What are the kernel parameters related to maximum size of physical I/O requests?

Solution Verified - Updated

Environment

  • Red Hat Enterprise Linux (RHEL) 5, 6, 7, 8

Issue

  • What is the kernel parameters related to maximum size of physical I/O requests?
  • How do I adjust the maximum I/O transfer size on RHEL?
  • How do I set the maximum block device I/O transfer size on RHEL?
  • How to set custom values for /sys/block/<device>/queue/max_sectors_kb parameters?
  • Default max_sectors_kb setting
  • Do you have a proper way (reboot persistent, applies to current disks (devices), applies to disks (devices) that are added before next reboot) to change the default max_sectors_kb?

Resolution

Linux has two parameters in the /sys file system related to the configuration: max_hw_sectors_kb and max_sectors_kb.

max_hw_sectors_kb (read-only)

This is the maximum number of kilobytes supported in a single data transfer by the underlying device. This value is read-only. It is set by the driver to reflect the driver/hardware limit. The block layer will also enforce this limit and so it will take the minimum of the max_hw_sectors_kb and the kernel default block limit (512kb in RHEL4/5) to make sure all I/O requests are within the size limit that the hardware/driver can support.

max_sectors_kb (read/write)

This is the maximum number of kilobytes that the block layer will allow for a filesystem request.
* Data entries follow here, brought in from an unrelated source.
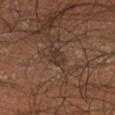Notes:
– notes: total-body-photography surveillance lesion; no biopsy
– TBP lesion metrics: a lesion color around L≈31 a*≈15 b*≈23 in CIELAB, about 7 CIELAB-L* units darker than the surrounding skin, and a normalized border contrast of about 7; internal color variation of about 3.5 on a 0–10 scale and a peripheral color-asymmetry measure near 1.5
– image: ~15 mm tile from a whole-body skin photo
– subject: male, in their mid-30s
– lesion diameter: ≈2.5 mm
– anatomic site: the right lower leg
– illumination: cross-polarized illumination
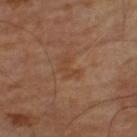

This value could be overwritten, but it must be smaller than or equal to the maximum size allowed by the hardware. The default kernel value on RHEL4/5 is 512kb.

To adjust or set the maximum transfer size, set the device's max_sectors_kb to the desired value. That value must be less than the kernel's maximum of 512kb. For example, say a storage vendor recommends limiting the I/O transfer size to their storage at or below 128kb per request. Then you would perform the following command for each such storage device:

# echo 128 > /sys/block/sdz/queue/max_sectors_kb
Caution!   The new max_sectors_kb value must be less than the device's max_hw_sectors_kb and max_dev_sectors values otherwise you can get errors as a result. See Limit Checks section below for determining the upper safe value limit for max_sectors_kb.
Caution!   Reducing the max_sectors_kb value should only be done when use of the disk is acquiesced. Otherwise there is the chance an IO passes through an upper device mapper layer, such as LVM and/or Multipath, using the larger older value only to be rejected at the device layer due to it being larger than the new smaller maximum IO size. See "How to set custom 'max_sectors_kb' option for devices under multipathd control?", specifically step 2 for more information on this aspect.

Persistent max_sectors_kb configuration

Changes to /sys entries do not persist across reboots, however, there are some options to set max_sectors_kb persistently across reboots.

Option 1: multipath configuration

This option is available with RHEL 6.8+, RHEL 7.3+ and specific multipath versions and the recommended option for devices under multipath control.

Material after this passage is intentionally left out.